THE PROBLEM:
Could the lines from the line bearing "Coming 2.5 seconds after image 1." to the end of the records below be copied exactly, with the pictures left out and no other lines added?

THE DATA:
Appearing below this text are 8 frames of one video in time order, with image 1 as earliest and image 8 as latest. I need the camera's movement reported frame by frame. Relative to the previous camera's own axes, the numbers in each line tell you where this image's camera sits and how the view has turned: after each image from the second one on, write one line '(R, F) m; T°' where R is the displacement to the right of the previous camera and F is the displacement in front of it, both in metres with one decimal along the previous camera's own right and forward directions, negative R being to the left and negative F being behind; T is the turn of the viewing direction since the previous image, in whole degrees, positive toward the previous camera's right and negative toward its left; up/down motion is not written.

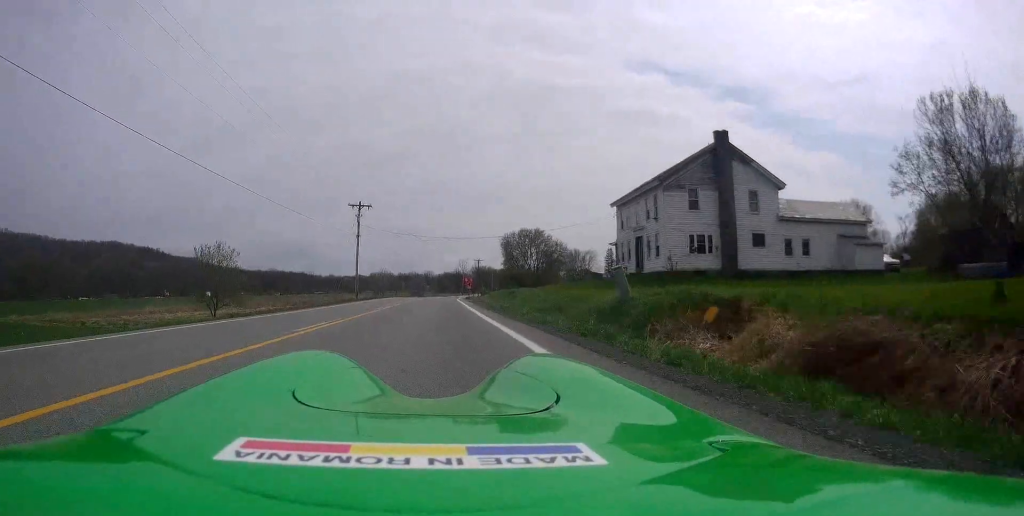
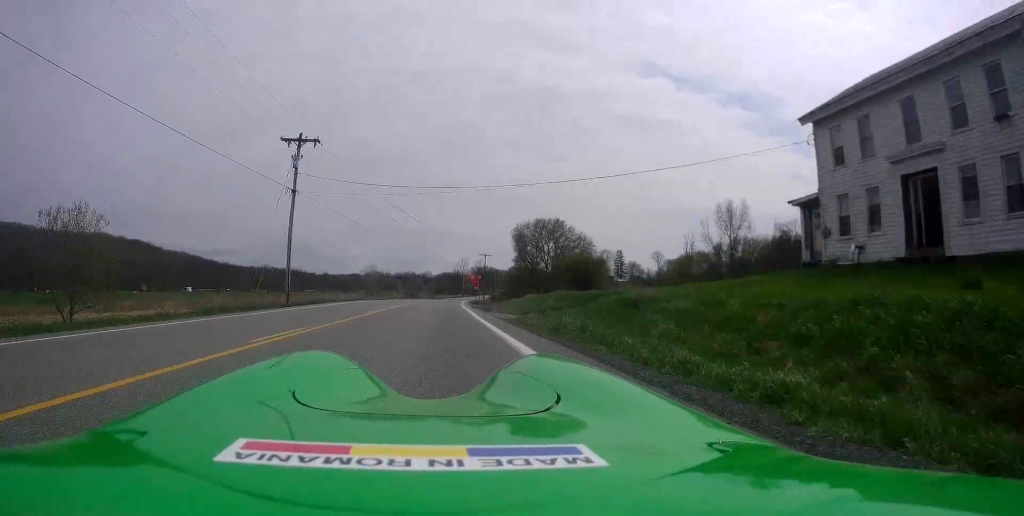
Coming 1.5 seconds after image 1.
(-0.6, +26.7) m; -1°
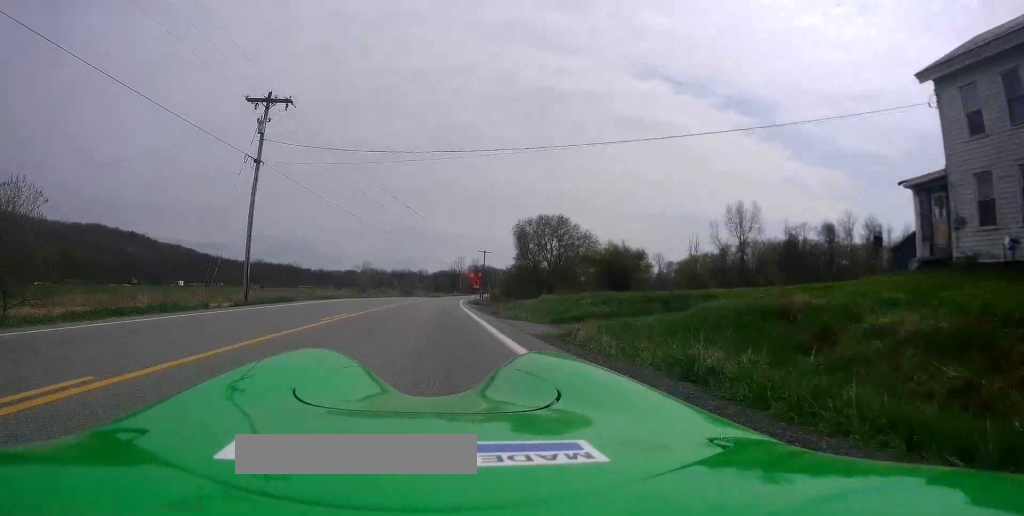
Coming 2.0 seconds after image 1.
(-0.1, +7.2) m; +1°
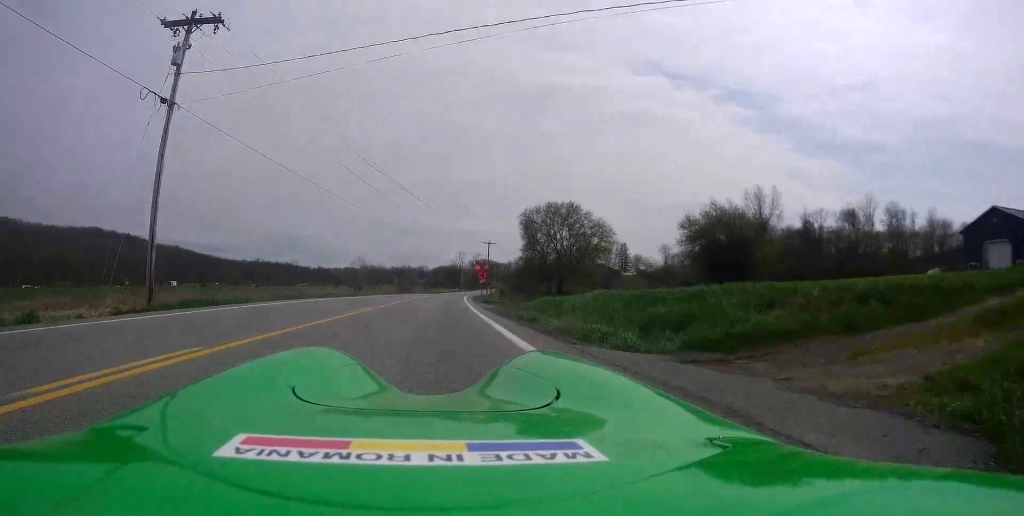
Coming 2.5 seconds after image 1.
(+0.2, +9.4) m; 0°
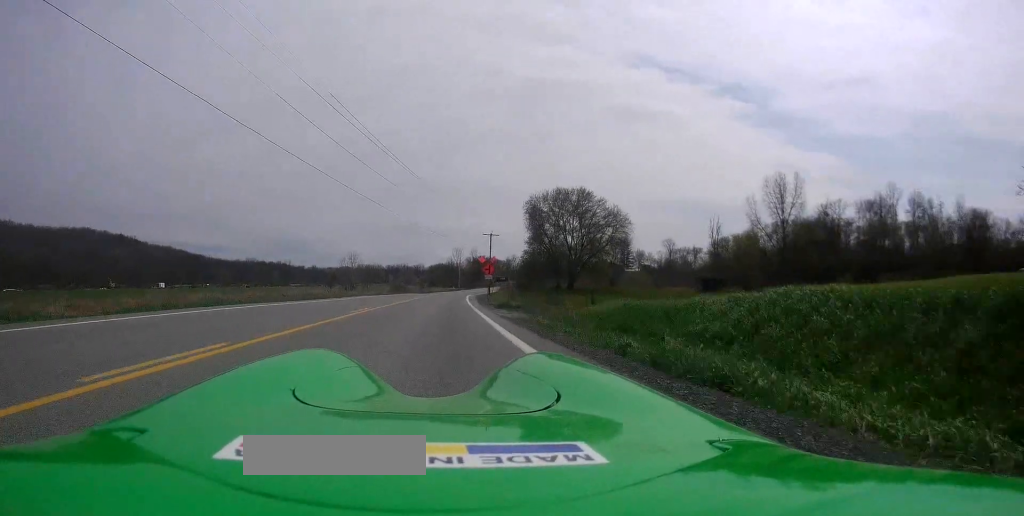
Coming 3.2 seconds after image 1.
(+0.2, +11.6) m; 0°
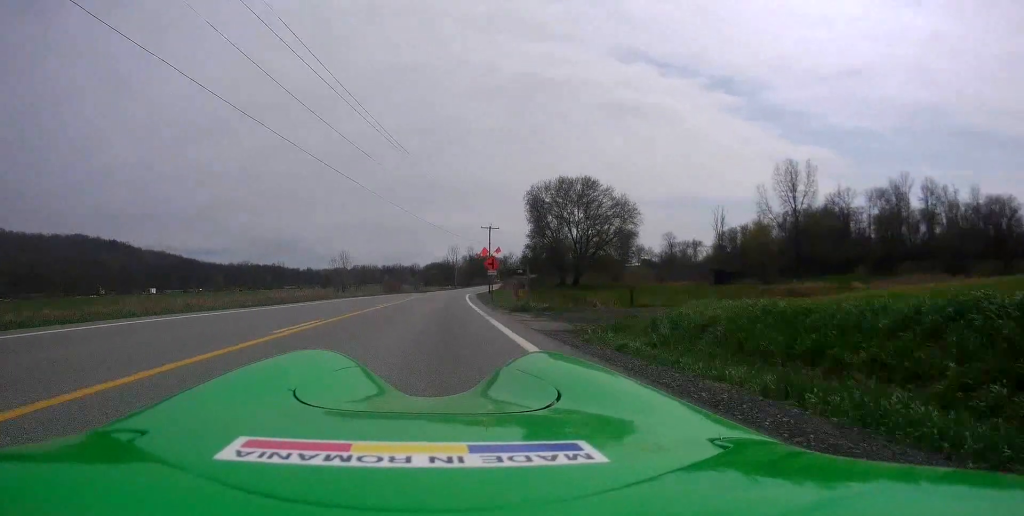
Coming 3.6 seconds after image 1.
(-0.2, +7.2) m; 0°
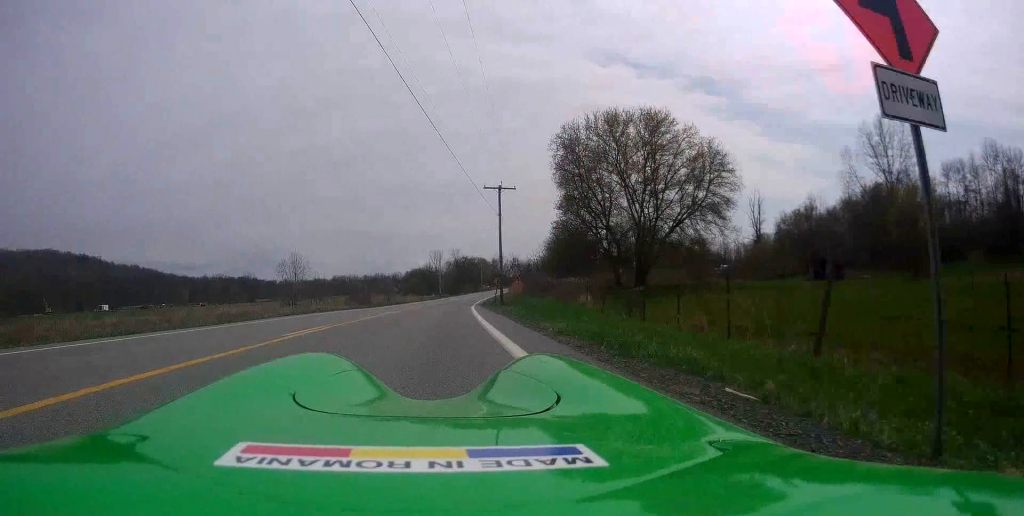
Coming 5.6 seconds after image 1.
(+0.2, +35.3) m; 0°
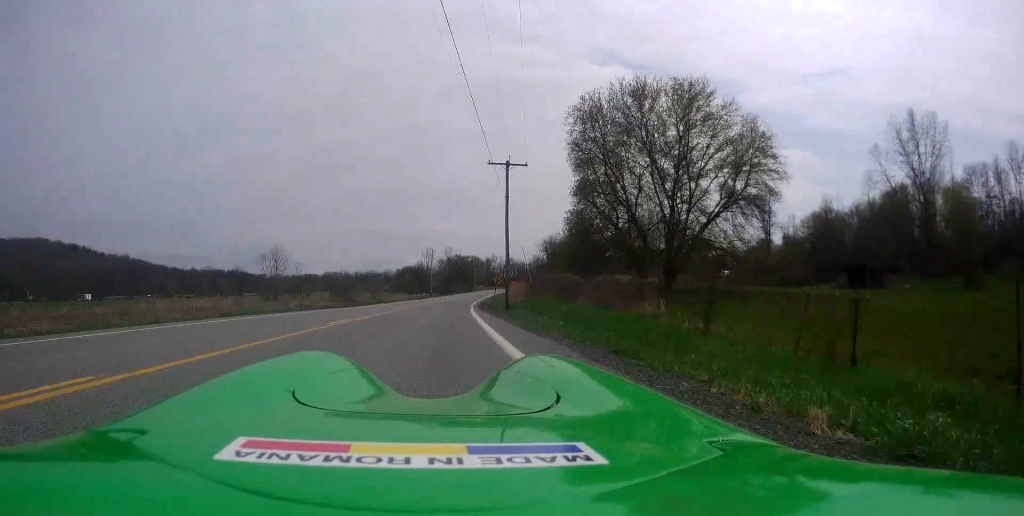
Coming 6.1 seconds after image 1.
(-0.3, +8.7) m; 0°

RESPONSE BOX:
Coming 2.5 seconds after image 1.
(+0.2, +9.4) m; 0°
Coming 3.2 seconds after image 1.
(+0.2, +11.6) m; 0°
Coming 3.6 seconds after image 1.
(-0.2, +7.2) m; 0°
Coming 5.6 seconds after image 1.
(+0.2, +35.3) m; 0°
Coming 6.1 seconds after image 1.
(-0.3, +8.7) m; 0°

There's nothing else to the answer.